> YOUR INSTRUCTIONS: Return every line from the records below in which the word "edge" is found.
MATERIAL PROVIDED: Begin
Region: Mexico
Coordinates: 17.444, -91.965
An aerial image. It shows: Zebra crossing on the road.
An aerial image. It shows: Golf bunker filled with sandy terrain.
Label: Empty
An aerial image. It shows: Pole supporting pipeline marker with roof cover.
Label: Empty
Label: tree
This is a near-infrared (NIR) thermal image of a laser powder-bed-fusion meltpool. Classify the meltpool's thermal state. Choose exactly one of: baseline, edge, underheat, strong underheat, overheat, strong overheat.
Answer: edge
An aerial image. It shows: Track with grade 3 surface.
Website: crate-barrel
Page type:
MATERIAL PROVIDED: End
MATERIAL PROVIDED: Begin
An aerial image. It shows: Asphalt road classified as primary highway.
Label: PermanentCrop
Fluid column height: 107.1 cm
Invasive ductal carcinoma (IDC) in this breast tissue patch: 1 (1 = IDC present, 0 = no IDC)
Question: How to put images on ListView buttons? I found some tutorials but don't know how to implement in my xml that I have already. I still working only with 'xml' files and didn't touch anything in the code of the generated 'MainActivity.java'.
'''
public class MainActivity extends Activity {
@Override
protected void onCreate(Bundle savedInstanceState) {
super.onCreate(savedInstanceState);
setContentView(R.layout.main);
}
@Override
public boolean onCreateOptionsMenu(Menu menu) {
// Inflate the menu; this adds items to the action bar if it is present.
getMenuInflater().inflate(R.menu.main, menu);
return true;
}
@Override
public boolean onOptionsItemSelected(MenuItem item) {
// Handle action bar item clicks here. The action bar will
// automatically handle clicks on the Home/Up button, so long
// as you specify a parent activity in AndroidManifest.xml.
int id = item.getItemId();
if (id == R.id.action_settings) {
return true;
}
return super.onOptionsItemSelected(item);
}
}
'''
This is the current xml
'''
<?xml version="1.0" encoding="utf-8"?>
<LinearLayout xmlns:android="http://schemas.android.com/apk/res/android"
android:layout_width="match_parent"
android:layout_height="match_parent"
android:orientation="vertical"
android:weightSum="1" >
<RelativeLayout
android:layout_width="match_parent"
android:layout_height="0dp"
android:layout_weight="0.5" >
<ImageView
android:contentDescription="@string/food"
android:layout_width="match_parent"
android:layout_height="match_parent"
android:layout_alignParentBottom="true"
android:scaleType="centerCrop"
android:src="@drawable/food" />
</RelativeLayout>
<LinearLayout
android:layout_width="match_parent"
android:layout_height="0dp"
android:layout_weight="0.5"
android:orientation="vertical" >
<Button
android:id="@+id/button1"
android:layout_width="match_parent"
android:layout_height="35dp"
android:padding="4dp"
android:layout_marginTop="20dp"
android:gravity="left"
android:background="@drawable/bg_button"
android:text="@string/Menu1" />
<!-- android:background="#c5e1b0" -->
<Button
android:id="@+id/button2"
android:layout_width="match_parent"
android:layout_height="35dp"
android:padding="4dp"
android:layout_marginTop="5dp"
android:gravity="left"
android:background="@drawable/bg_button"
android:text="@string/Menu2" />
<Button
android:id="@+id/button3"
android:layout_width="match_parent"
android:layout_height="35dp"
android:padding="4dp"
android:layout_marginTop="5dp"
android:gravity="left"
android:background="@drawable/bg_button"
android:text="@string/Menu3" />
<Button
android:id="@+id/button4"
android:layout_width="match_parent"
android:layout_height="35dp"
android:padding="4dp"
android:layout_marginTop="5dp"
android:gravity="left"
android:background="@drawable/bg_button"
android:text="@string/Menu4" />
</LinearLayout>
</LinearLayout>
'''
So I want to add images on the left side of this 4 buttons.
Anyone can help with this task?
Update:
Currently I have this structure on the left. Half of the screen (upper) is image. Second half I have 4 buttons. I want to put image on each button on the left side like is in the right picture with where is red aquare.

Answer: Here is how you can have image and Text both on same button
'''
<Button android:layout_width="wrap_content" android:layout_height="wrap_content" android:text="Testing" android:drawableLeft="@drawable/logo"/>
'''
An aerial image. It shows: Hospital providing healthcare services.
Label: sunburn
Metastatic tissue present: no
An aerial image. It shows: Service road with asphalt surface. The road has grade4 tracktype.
MATERIAL PROVIDED: End
MATERIAL PROVIDED: Begin
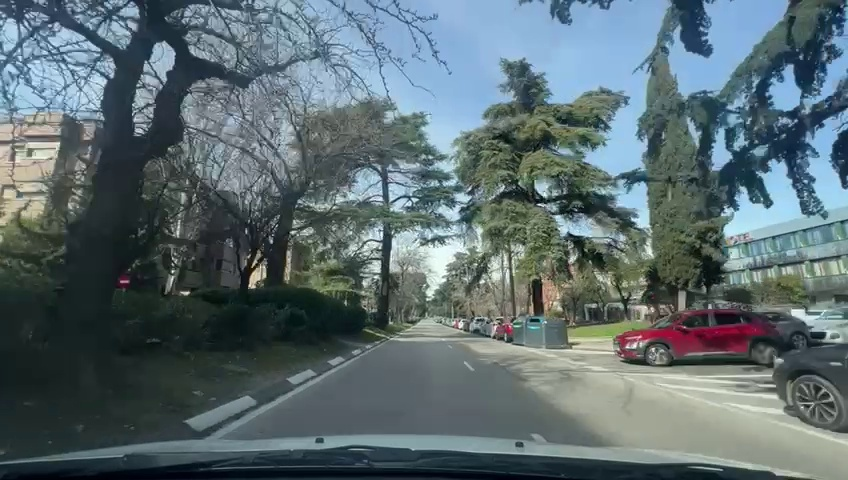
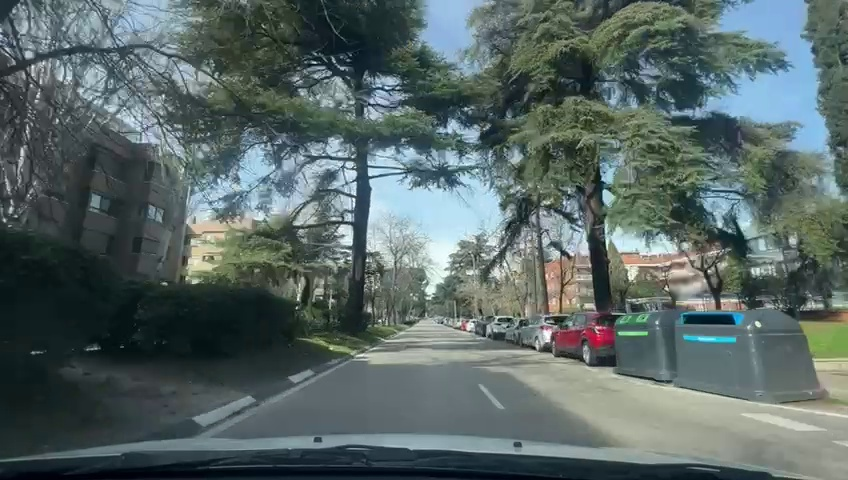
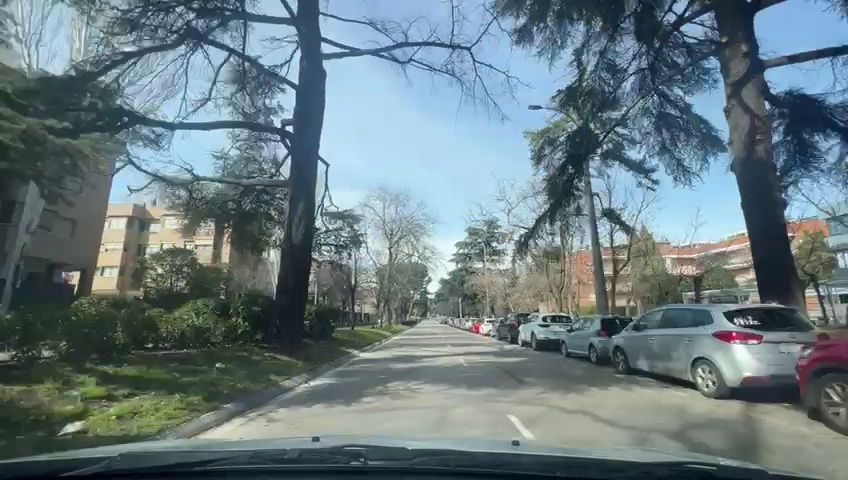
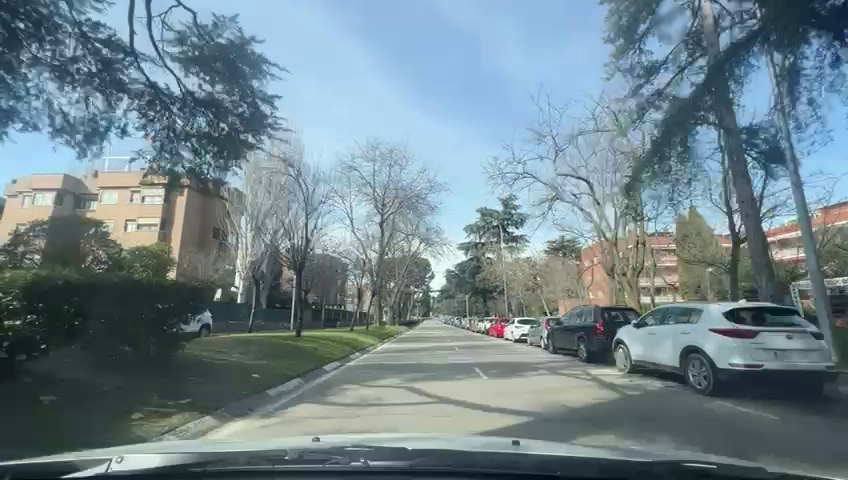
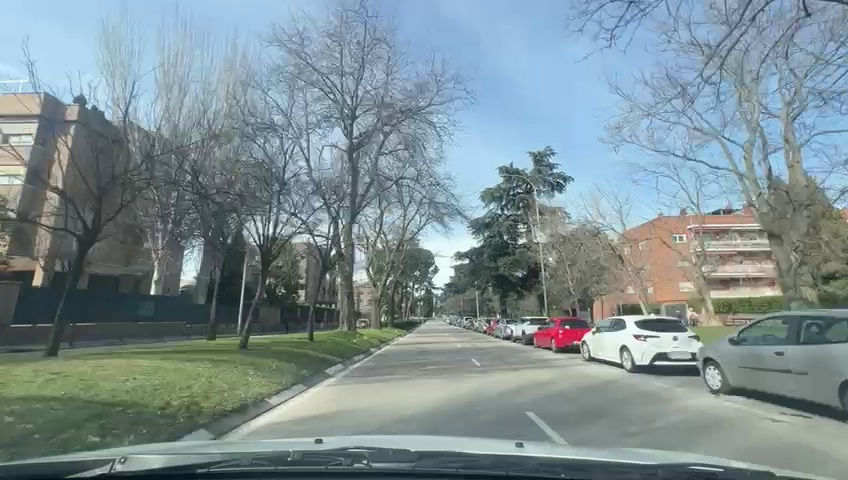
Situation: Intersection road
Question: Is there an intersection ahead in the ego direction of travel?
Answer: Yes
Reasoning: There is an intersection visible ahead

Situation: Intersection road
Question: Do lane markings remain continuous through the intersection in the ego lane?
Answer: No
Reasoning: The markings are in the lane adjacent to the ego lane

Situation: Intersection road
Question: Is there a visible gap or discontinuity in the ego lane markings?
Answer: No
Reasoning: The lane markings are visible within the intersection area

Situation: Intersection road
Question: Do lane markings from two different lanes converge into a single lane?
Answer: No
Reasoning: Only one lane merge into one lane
MATERIAL PROVIDED: End
> ANSWER SECTION:
This is a near-infrared (NIR) thermal image of a laser powder-bed-fusion meltpool. Classify the meltpool's thermal state. Choose exactly one of: baseline, edge, underheat, strong underheat, overheat, strong overheat.
Answer: edge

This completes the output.